Looking over a recently revised manufactured home installation manual, (DAPIA approved in Feb. 2018), I ran across something that I thought was worth a closer look.
In the section of the manual that talks about footings, I found a chart titled “Foundation Embedment Factors for Cohesive Soils” (there is also a chart for Non-Cohesive Soils).
In case you are wondering, cohesive soils are described as clay, or soil with a high clay content, which has cohesive strength. Cohesive soil does not crumble, can be excavated with vertical sides, and is like plastic when wet. Cohesive soil is hard to break up when dry and sticks together when submerged. Cohesive soils include clayey silt, sandy clay, silty clay, clay.
On the other hand, non-cohesive soils are loose soils like sand, or sandy soils.
Ultimately, by using these charts and directions, you can increase the maximum load per footing based on the depth that the footing is embedded in the soil.
Let’s try to work through the process. This manufacturer tells me that a 14’ wide home, in the south (20 psf) roof load zone, with piers spaced 8’ apart, has a pier load of 5640 pounds (per pier).
Since I like to auger round footings, the chart for circular shape footings says that I need a 28” round footing at a soil bearing capacity of 1,500 PSF. But my auger is only 24” diameter! Well, this is where the “Foundation Embedment Factors for Cohesive Soils” chart might come in handy!

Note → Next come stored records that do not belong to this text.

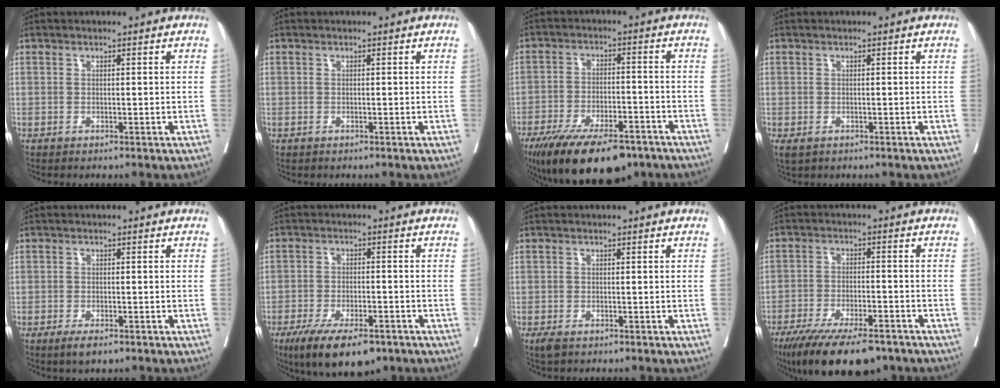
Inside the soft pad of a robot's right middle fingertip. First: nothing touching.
{"total": 0.0}
{"total": 15.6, "force": [-11.4, 5.4, 9.1], "torque": [-0.145, -0.013, -0.183]}
{"total": 1.6, "force": [-0.8, 1.0, 0.9], "torque": [-0.017, -0.003, -0.006]}
{"total": 2.8, "force": [-1.9, 0.9, 1.9], "torque": [-0.034, -0.004, -0.029]}
{"total": 10.8, "force": [-7.4, 3.9, 6.9], "torque": [-0.109, -0.010, -0.118]}
{"total": 1.9, "force": [-1.3, 0.8, 1.1], "torque": [-0.023, -0.005, -0.019]}
{"total": 14.9, "force": [-11.3, 4.0, 8.9], "torque": [-0.141, -0.022, -0.181]}
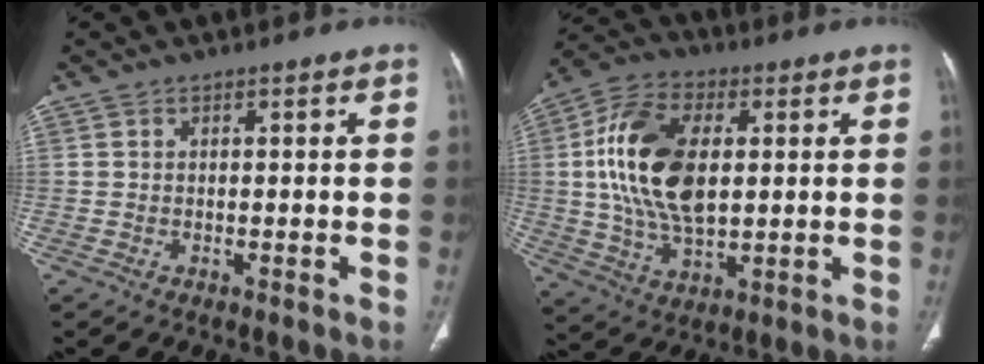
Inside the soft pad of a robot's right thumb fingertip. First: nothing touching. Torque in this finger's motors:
{"motor_torque": [2.49, 2.52, 2.01, -0.66, 0.72]}
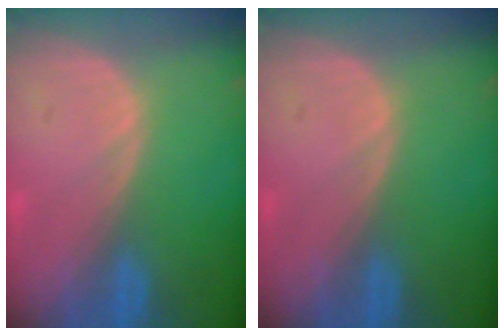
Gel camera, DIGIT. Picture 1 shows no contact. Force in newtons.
{"total": 0.0}
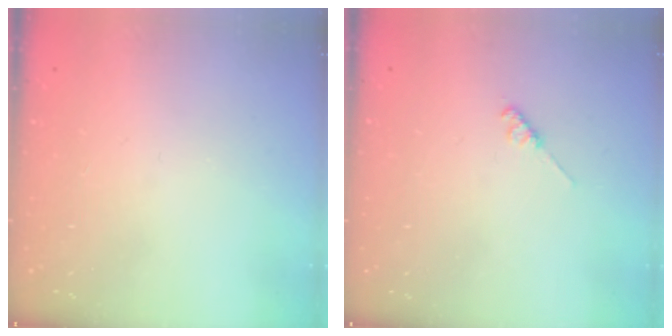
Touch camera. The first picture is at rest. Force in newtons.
{"total": 2.6, "press": 2.5, "slide": 0.4}
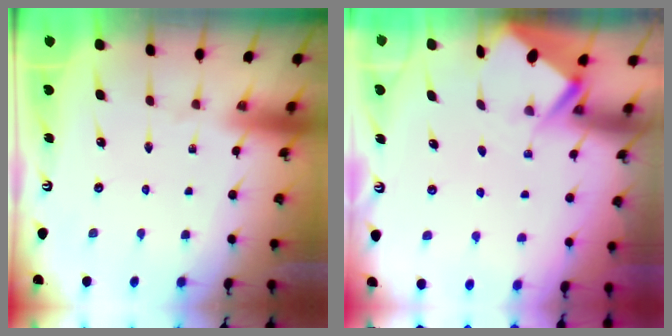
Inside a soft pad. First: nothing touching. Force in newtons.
{"total": 2.9, "press": 2.8, "slide": 0.3}
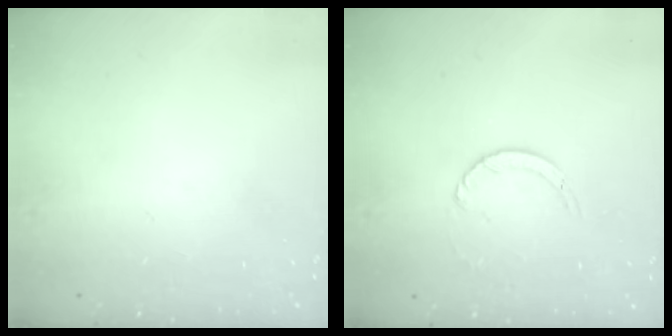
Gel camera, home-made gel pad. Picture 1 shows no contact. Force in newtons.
{"total": 1.1, "press": 1.1, "slide": 0.1}
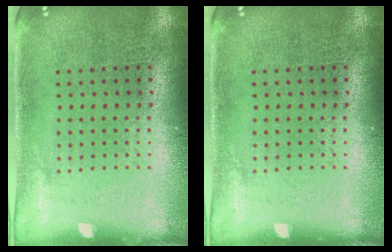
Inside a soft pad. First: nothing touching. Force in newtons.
{"total": 0.0}
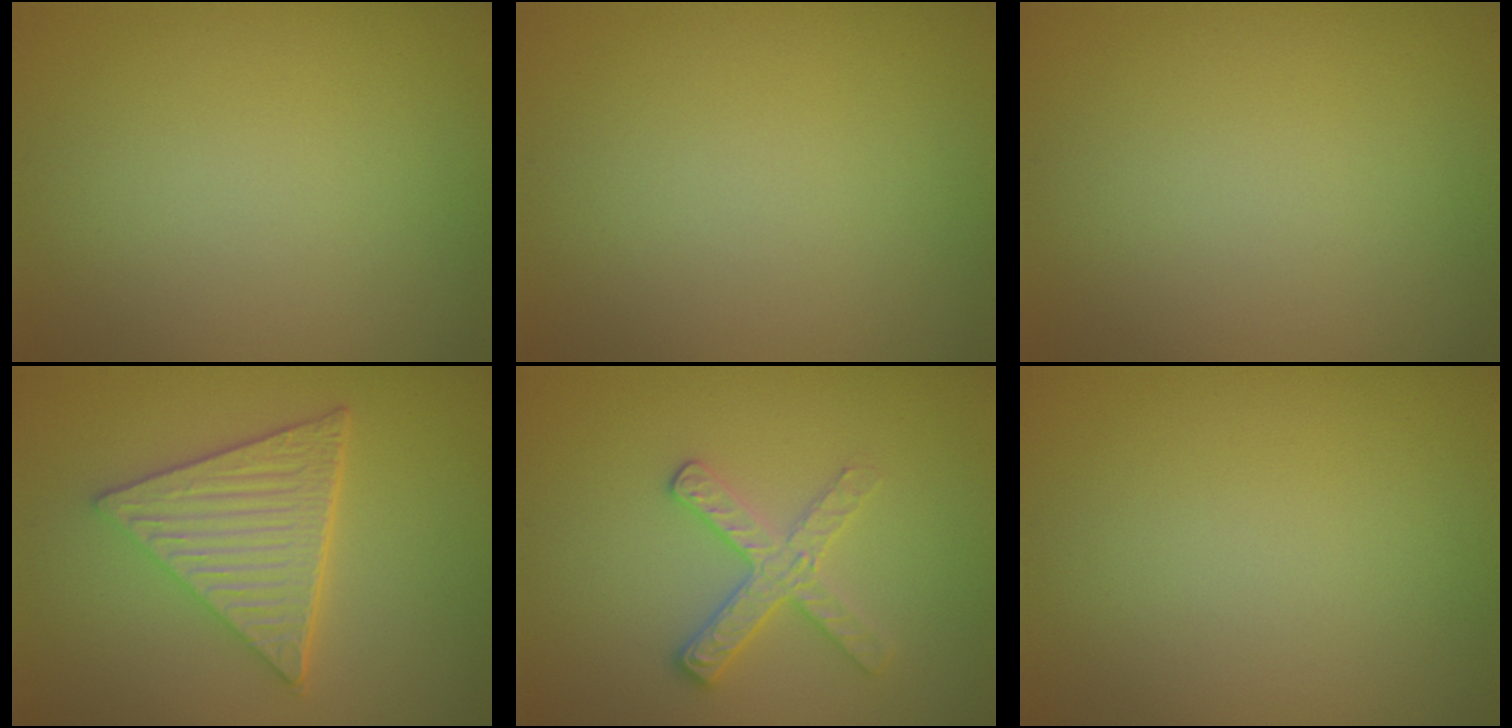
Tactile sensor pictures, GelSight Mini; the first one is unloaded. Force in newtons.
{"total": 0.0}
{"total": 0.0}
{"total": 6.1, "press": 4.6, "slide": 4.1}
{"total": 2.7, "press": 2.6, "slide": 0.9}
{"total": 0.0}
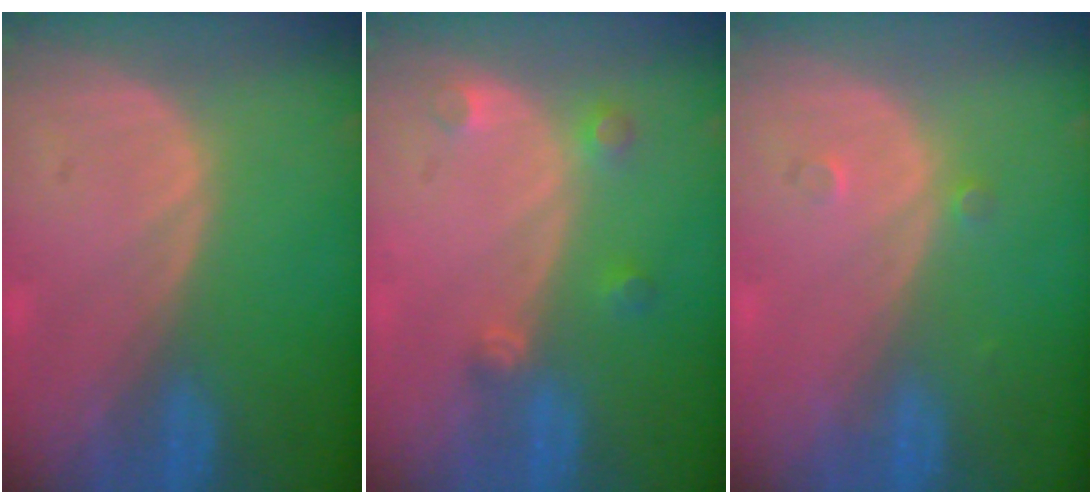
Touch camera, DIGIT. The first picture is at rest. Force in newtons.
{"total": 2.6, "press": 2.6, "slide": 0.2}
{"total": 1.2, "press": 1.0, "slide": 0.7}
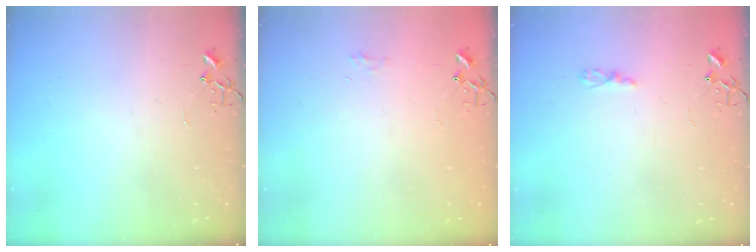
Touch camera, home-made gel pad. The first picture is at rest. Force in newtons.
{"total": 5.2, "press": 5.2, "slide": 0.7}
{"total": 2.9, "press": 2.9, "slide": 0.4}
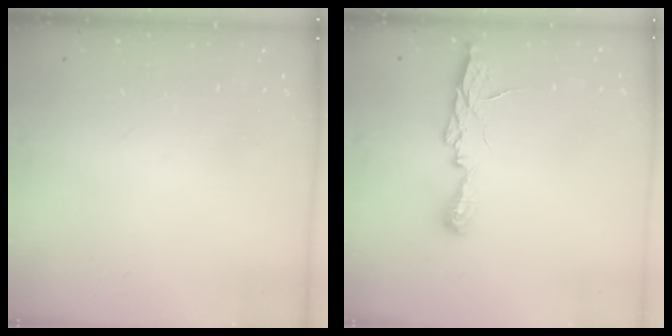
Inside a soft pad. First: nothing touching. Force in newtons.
{"total": 7.0, "press": 7.0, "slide": 0.7}
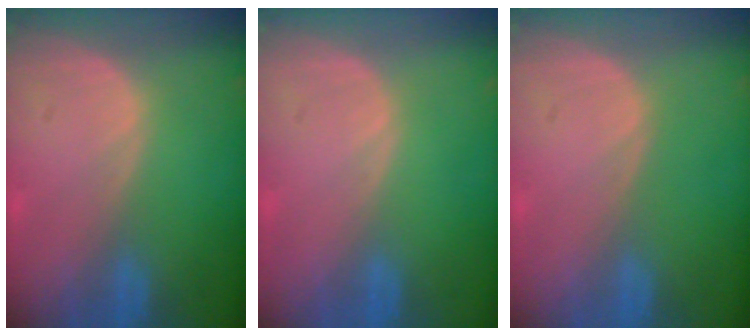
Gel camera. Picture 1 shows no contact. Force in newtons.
{"total": 0.0}
{"total": 0.0}
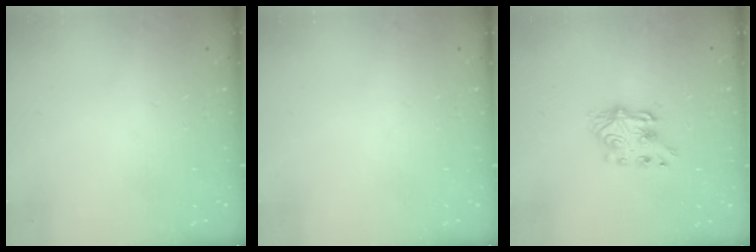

Since I can only dig 24″ round footings, I need to start there. The chart for circular footings tells me that a 24” round footing can carry 4710 pounds (again 1,500 Soil bearing capacity). I know my 24” round footing will be 36” deep (for example, to get below the frost line) in a clay (cohesive) soil, so I can multiply the 24” footing capacity by the 1.56 as indicated in the cohesive soils chart and my 24” footing works! (4710 pounds x 1.56=7347 pounds, well beyond the 5640 pound load needed to support the home).
It is not as confusing as it seems. You just need to know if your soil is cohesive (clay) or non-cohesive and know the footing size and depth. Use the chart to determine the embedment factor and multiply the footing capacity by the factor from the chart.
A few important things to consider before you start reducing footing sizes. Currently, this is specific to only a few manufacturers. You need to check with the Quality Control Manager at your factories to see if they allow you to utilize embedment factors. One manufacturer told me that they provide these designs only upon request.
Next, you need to have a very thorough understanding of the soil at the job site. You need to have all of your documents in order and make certain that the building code official (and possibly the purchaser) understand how you are calculating these footings sizes/loads. As always, keep good records for your installation files, including copies of these charts.
While I am not an engineer, I do think that the embedment factor is to be applied only to poured in place concrete footings. But you can verify that with the factory.
Finally, on the one manual I reviewed, there is a big typographical error, labeling the chart for non-cohesive soils, so be cautious. Stay in touch with Quality Control folks and watch for further changes to the manuals.